Finalmente, después de ese tiempo de cultivo, llegó la Fase Genital, el momento en que todo el universo de Lúa comenzaba a reorganizarse para buscar un tipo nuevo de placer: uno adulto, que implicaba más que comida o juegos, más que impulsos o límites. En esta etapa, apareció una nueva figura llamada Eco, que representaba el objeto externo hacia el que Lúa comenzaba a volcar su energía y deseo. Eco era un reflejo de la vida, el amor, la conexión profunda con los demás y consigo misma.

En este cambio trascendental, los personajes del universo interior se alinearon. Torrente seguía impulsando pero ahora con más sabiduría; Esfuerzo daba constancia; Fuente renovaba fuerzas; Labio moderaba el deseo inmediato, y Mentor acompañaba la conducta con respeto y límites. Meta, por supuesto, brillaba con más fuerza, porque después de tanto trabajo, la Satisfacción alcanzaba nuevos niveles, ahora vinculados no solo a cosas o actos puntuales, sino a relaciones significativas y a la felicidad profunda.

Lúa sentía su mundo interior lleno y completo, un universo vivo y cambiante donde cada personaje, cada fuerza y cada emoción tenían un sentido, una tarea y un lugar. Aprendió que dentro de ella habitaban muchas partes, y que todas eran necesarias para crecer, para ser feliz y para llevar adelante su vida. Entendió que el universo de cada persona no es solo una mente o un corazón, sino un conjunto de fuerzas que trabajan juntas para construir el ser.

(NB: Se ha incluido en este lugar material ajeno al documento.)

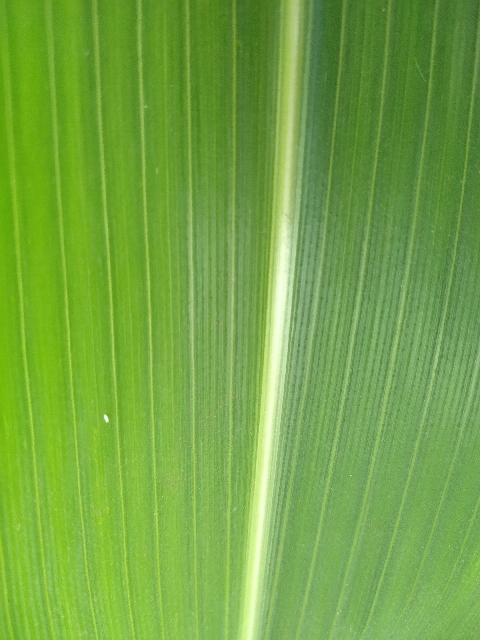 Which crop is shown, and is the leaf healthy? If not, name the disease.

Así, en cada paso, en cada decisión, en cada sueño, Lúa pudo mirar hacia adentro y descubrir que su propio universo interior era el mayor tesoro que tenía. Un universo donde la energía, el esfuerzo, el placer, los límites y las metas se unían para hacerla única y fuerte. Y con esa certeza, Lúa continuó su camino, sabiendo que en su interior siempre habría un cosmos listo para ayudarla a ser la mejor versión de sí misma.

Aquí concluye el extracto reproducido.